Reputation: 37034
Initially I had the following code:
try (var output = new ByteArrayOutputStream();
var printer = new CSVPrinter(new OutputStreamWriter(output), CSVFormat.DEFAULT)) {
printer.printRecord(EMAIL);
for (MyBean mb : items) {
printer.printRecord(mb.getEmail());
}
externalHttpCall(output.toByteArray());
}
Here I found out that sometimes the byte array is not written fully.
I understand that it is because of the fact that stream is not flushed during externalHttpCall
invocations.
To fix it I wrote the following:
try (var output = new ByteArrayOutputStream();
var printer = new CSVPrinter(new OutputStreamWriter(output), CSVFormat.DEFAULT)) {
printer.printRecord(EMAIL);
for (MyBean mb : items) {
printer.printRecord(mb.getEmail());
}
printer.flush();
log.info("Printer was flushed");
externalHttpCall(output.toByteArray());
}
It solved the problem, but here I was lost in a thought that it is really bad idea to close stream only after externalHttpCall
. So I came up with the following solution:
externalHttpCall(convertToByteArray(items);
public byte[] convertToByteArray(List<MyBean> items){
try (var output = new ByteArrayOutputStream();
var printer = new CSVPrinter(new OutputStreamWriter(output), CSVFormat.DEFAULT)) {
printer.printRecord(EMAIL);
for (MyBean mb : items) {
printer.printRecord(mb.getEmail());
}
return output.toByteArray();
}
}
I expected that flush will happen before stream close. But based on my experiments it doesn't work. Looks like it happens because of flush happens before stream close but after toByteArray invocation.
How could I fix it?
Upvotes: 7
Views: 6506
Reputation: 10964
Given the three code snippets in the question I'd assume that this should work:
externalHttpCall(convertToByteArray(items);
public byte[] convertToByteArray(List<MyBean> items){
try (var output = new ByteArrayOutputStream();
var printer = new CSVPrinter(new OutputStreamWriter(output), CSVFormat.DEFAULT)) {
printer.printRecord(EMAIL);
for (MyBean mb : items) {
printer.printRecord(mb.getEmail());
}
printer.flush()
log.info("Printer was flushed");
return output.toByteArray();
}
}
Depending on the CSVFormat
the CSVPrinter
is flushed automatically on close (CSVFormat.DEFAULT
will not be flushed automatically...). You can use CSVFormat
's builder like pattern to make the format flush on close with CSVFormat.DEFAULT.withAutoFlush(true)

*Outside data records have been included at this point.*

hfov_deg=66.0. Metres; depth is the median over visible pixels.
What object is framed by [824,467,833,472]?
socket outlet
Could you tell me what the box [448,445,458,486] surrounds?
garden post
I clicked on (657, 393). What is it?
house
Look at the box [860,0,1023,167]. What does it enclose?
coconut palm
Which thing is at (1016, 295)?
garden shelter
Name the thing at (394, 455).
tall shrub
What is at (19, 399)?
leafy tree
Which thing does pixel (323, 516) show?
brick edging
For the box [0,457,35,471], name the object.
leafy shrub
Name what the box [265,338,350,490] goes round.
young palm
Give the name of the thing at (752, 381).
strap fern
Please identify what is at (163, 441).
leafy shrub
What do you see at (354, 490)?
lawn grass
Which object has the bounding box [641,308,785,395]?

(thanks to @PetrBodnár for this hint). This will however probably make no difference in the above example.
If you translate the try-with-resource to the actual call order you will get something like this:
var output = new ByteArrayOutputStream();
var printer = new CSVPrinter(new OutputStreamWriter(output), CSVFormat.DEFAULT)

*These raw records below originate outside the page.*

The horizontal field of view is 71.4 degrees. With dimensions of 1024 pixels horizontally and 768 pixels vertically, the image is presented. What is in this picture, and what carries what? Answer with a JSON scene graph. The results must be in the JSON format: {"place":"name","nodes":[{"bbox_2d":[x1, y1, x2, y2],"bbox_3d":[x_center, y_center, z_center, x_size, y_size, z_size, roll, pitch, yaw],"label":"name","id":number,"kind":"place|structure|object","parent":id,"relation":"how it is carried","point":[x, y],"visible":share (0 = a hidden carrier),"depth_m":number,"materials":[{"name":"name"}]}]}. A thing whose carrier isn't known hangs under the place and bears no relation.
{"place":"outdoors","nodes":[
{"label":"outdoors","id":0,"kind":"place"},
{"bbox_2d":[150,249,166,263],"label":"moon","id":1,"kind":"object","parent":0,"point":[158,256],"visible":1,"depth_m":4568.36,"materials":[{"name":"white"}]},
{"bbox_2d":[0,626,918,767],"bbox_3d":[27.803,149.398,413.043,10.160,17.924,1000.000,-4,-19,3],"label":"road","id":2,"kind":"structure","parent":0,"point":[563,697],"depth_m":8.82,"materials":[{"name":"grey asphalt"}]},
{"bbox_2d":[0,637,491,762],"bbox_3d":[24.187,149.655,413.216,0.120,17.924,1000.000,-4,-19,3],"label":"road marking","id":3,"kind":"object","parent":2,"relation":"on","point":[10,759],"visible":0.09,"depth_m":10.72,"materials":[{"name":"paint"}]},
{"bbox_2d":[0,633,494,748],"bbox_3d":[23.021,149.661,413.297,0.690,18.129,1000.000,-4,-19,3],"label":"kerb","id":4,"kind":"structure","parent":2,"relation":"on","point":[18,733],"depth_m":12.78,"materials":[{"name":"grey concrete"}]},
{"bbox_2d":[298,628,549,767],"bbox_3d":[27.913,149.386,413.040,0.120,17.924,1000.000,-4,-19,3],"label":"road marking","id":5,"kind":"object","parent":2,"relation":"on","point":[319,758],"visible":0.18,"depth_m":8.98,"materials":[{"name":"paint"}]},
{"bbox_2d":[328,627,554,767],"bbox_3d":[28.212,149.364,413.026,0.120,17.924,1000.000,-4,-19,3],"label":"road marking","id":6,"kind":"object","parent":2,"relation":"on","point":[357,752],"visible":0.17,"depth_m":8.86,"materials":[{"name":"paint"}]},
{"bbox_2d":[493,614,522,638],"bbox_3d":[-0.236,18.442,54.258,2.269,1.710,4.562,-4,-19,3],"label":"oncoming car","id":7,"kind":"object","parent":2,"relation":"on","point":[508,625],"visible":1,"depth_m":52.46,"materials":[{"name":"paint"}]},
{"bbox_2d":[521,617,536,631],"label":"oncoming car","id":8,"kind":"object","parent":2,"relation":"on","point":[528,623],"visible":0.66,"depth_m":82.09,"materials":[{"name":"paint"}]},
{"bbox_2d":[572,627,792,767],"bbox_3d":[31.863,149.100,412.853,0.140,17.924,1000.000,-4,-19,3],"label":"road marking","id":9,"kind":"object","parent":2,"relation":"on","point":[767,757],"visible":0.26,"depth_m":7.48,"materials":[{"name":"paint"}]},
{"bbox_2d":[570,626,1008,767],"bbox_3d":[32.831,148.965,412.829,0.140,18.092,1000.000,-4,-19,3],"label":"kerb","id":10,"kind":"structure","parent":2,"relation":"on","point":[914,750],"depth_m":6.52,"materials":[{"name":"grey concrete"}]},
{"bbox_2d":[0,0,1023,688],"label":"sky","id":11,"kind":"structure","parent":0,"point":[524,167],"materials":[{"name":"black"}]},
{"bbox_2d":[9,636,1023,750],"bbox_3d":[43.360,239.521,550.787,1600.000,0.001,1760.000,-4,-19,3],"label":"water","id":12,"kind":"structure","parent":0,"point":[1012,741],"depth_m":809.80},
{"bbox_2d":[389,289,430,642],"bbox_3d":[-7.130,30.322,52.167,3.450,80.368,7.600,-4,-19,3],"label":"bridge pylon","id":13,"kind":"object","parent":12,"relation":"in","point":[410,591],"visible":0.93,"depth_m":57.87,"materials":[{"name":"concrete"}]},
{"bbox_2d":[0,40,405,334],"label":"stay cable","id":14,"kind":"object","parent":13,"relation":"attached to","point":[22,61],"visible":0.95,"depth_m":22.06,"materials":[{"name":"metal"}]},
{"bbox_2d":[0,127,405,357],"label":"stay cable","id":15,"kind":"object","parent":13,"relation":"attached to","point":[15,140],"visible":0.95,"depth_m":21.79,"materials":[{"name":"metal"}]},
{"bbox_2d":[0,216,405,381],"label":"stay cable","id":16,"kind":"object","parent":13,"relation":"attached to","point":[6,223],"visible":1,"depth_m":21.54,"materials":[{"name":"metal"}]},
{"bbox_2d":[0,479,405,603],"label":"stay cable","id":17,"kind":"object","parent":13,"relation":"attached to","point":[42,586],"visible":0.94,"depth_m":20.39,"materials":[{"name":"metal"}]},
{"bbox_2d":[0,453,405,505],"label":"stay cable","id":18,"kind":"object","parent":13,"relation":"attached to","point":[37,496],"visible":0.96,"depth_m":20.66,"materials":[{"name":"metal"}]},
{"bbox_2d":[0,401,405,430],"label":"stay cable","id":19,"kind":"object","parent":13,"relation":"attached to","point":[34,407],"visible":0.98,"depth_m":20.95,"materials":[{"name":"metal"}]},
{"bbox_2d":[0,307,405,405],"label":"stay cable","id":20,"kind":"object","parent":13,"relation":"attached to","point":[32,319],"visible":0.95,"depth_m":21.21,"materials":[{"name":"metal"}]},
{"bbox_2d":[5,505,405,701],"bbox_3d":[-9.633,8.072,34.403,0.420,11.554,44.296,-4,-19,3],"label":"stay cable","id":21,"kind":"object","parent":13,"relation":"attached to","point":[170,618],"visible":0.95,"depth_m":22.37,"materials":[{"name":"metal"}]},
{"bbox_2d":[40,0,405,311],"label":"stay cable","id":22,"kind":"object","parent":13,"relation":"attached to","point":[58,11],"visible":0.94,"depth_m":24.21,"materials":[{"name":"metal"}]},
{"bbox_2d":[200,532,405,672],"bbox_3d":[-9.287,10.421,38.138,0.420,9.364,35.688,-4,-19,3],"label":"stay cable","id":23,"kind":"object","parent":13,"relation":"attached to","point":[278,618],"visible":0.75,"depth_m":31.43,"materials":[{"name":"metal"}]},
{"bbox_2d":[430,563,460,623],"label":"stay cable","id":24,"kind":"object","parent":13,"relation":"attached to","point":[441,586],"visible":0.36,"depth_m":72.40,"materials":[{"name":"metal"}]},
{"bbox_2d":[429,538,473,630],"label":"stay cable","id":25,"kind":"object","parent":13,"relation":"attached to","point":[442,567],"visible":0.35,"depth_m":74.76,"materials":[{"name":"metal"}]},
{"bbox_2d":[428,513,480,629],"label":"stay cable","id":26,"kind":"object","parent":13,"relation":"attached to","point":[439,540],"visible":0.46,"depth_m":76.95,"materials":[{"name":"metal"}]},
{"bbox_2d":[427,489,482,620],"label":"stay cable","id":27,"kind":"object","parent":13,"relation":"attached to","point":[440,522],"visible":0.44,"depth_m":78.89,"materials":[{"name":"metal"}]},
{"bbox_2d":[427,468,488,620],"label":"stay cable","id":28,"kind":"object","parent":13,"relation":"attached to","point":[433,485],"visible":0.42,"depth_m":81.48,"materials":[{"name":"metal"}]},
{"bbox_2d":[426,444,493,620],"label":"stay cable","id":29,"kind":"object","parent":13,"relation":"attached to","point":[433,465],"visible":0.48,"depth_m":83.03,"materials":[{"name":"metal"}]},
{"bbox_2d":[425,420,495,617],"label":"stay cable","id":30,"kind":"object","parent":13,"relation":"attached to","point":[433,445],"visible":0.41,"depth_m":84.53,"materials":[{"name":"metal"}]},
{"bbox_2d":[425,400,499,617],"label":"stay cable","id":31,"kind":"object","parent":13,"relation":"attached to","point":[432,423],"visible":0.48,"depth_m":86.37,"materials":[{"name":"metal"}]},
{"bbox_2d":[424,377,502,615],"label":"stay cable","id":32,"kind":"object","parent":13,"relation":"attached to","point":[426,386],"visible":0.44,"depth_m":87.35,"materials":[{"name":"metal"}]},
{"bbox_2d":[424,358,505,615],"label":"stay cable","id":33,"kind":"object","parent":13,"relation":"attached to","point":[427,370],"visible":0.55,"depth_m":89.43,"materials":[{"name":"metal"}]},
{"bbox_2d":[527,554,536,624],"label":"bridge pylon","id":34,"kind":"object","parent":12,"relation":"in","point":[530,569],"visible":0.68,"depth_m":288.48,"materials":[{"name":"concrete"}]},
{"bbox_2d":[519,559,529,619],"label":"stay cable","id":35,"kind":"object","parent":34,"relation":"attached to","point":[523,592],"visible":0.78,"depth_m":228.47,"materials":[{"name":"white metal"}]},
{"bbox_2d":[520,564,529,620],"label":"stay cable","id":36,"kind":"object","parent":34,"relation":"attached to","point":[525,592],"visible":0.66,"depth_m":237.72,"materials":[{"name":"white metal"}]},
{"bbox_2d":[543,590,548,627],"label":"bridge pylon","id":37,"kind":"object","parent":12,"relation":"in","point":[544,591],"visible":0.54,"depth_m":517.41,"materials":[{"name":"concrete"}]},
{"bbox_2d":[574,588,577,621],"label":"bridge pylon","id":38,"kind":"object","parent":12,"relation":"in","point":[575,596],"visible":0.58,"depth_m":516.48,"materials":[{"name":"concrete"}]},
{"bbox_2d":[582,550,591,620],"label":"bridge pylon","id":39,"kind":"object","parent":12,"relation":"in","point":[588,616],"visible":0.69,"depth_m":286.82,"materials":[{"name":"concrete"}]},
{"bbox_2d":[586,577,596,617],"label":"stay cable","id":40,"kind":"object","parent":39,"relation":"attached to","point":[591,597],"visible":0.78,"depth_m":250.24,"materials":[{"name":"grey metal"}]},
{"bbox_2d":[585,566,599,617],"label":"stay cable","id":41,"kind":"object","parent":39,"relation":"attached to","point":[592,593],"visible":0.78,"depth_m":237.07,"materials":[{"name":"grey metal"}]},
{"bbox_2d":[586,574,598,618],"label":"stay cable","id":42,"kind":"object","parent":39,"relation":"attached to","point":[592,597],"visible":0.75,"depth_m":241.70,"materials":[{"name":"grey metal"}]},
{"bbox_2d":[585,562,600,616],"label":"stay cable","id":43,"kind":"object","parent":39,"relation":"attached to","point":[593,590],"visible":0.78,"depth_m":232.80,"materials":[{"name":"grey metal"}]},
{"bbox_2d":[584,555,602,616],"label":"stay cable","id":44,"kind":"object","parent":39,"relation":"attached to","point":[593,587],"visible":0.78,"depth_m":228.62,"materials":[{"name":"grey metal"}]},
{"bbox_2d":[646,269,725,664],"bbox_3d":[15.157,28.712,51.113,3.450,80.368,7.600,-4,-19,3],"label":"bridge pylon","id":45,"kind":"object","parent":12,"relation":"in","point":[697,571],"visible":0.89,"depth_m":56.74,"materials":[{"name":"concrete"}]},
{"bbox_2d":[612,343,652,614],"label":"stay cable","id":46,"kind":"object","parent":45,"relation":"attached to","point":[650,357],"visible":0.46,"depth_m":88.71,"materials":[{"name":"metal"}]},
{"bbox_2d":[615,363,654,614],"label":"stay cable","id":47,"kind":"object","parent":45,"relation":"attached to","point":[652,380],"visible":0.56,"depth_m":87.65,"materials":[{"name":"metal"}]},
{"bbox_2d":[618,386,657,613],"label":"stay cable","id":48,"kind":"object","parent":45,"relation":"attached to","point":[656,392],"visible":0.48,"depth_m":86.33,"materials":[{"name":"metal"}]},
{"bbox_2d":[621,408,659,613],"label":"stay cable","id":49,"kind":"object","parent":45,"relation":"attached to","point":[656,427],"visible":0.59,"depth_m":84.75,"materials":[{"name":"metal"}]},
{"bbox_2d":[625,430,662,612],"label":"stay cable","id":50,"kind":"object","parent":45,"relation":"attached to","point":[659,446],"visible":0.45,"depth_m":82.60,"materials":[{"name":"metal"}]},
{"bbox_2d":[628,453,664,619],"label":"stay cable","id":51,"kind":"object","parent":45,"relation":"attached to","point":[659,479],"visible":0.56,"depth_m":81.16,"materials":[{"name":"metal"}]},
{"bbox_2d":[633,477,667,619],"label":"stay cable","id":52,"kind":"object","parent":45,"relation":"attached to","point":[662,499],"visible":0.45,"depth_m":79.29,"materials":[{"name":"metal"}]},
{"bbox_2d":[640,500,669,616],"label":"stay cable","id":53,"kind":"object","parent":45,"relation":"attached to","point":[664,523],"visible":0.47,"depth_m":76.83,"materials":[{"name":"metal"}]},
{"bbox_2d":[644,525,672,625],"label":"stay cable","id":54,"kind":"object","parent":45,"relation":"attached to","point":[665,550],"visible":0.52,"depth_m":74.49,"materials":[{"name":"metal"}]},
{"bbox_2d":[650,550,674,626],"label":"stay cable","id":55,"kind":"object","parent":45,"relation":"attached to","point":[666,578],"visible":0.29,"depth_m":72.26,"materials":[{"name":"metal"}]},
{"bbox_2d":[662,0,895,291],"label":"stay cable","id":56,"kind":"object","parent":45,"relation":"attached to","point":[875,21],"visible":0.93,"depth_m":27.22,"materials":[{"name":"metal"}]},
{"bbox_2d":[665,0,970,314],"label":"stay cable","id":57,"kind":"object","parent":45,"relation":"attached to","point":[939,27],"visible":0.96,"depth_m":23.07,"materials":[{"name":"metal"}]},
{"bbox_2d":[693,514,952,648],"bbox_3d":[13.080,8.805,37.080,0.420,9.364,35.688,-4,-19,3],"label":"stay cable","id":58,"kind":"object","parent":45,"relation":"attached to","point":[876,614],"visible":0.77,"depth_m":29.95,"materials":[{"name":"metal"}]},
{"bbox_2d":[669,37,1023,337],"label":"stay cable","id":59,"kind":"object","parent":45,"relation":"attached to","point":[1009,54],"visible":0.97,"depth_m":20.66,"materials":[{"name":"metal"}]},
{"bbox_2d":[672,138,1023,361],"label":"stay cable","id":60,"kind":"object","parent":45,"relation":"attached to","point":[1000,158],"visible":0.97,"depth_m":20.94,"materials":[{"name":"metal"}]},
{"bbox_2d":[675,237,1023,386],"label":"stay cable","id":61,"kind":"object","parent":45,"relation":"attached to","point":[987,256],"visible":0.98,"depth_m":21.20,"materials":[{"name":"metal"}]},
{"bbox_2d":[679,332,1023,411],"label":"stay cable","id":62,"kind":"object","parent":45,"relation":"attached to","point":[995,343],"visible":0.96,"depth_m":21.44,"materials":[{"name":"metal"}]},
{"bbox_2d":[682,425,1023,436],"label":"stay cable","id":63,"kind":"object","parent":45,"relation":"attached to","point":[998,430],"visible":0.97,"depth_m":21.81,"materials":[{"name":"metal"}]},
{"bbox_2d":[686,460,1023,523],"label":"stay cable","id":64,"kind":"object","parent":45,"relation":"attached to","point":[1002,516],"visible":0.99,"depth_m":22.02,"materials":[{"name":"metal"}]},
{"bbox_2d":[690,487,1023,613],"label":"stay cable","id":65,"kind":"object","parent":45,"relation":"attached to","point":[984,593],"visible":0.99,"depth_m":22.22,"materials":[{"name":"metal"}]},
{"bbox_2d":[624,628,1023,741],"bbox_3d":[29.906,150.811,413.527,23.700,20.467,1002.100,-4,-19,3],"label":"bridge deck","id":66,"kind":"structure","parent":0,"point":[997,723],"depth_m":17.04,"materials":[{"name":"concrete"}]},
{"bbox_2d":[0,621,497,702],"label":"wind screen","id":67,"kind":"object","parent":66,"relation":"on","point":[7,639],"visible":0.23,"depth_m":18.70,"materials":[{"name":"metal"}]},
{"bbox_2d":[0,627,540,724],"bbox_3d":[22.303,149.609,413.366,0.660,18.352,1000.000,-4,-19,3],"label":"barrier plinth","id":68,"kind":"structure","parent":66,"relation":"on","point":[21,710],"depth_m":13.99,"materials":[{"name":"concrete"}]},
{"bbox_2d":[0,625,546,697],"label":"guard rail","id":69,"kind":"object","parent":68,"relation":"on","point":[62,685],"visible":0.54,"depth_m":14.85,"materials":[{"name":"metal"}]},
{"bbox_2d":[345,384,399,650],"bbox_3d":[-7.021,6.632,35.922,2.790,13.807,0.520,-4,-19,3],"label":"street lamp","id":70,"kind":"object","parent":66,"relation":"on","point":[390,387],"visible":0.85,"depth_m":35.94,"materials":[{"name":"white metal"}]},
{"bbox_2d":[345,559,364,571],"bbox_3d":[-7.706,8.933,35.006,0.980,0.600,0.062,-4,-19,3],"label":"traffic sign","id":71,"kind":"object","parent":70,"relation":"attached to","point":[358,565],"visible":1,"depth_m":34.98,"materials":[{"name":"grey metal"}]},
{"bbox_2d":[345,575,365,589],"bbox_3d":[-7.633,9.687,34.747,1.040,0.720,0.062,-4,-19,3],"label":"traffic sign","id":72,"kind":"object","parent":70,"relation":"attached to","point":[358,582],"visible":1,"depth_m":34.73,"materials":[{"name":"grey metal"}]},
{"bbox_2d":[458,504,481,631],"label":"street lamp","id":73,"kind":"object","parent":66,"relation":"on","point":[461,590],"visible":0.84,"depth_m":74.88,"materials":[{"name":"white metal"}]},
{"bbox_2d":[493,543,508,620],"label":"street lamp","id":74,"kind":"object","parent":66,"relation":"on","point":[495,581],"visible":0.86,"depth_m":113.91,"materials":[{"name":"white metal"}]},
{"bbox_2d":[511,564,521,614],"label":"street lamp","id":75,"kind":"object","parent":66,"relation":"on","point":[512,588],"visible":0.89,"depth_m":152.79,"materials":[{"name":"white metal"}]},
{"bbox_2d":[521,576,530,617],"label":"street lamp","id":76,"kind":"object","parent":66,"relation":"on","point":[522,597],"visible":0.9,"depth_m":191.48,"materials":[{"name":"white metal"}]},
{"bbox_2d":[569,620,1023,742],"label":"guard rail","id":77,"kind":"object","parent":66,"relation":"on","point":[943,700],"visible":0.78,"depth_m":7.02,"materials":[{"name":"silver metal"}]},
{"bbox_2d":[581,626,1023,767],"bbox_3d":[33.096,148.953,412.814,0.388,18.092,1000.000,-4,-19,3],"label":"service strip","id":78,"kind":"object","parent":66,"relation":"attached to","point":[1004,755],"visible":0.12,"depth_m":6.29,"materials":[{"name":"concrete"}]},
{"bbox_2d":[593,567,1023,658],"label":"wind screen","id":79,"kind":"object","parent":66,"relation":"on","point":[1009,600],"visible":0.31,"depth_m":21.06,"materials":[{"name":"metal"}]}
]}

printer.printRecord(EMAIL);
...
var result = output.toByteArray();
printer.close(); // might call flush
output.close();
return result;
As the close operations will be called in the finally-block, they will take place after creation of the byte array. If flush is needed, you will need to do it prior to calling toByteArray
.
Upvotes: 10
Reputation: 109547
The following is a correct usage:
var output = new ByteArrayOutputStream();
try (var printer = new CSVPrinter(
new OutputStreamWriter(output, StandardCharsets.UTF_8), CSVFormat.DEFAULT)) {
printer.printRecord(EMAIL);
for (MyBean mb : items) {
printer.printRecord(mb.getEmail());
}
}
// Everything flushed and closed.
externalHttpCall(output.toByteArray());
This error behavior might stem from something else.
For instance the externalHttpCall not flushing . Or writing the bytes as text (using a Writer i.o. OutputStream), and expecting UTF-8, whose multi-byte sequences are brittle, maybe raising an exception. Or setting the HTTP header Content-Length wrong, as String.length().
An other cause: items containing a null or getEmail
throwing an exception that is not detected.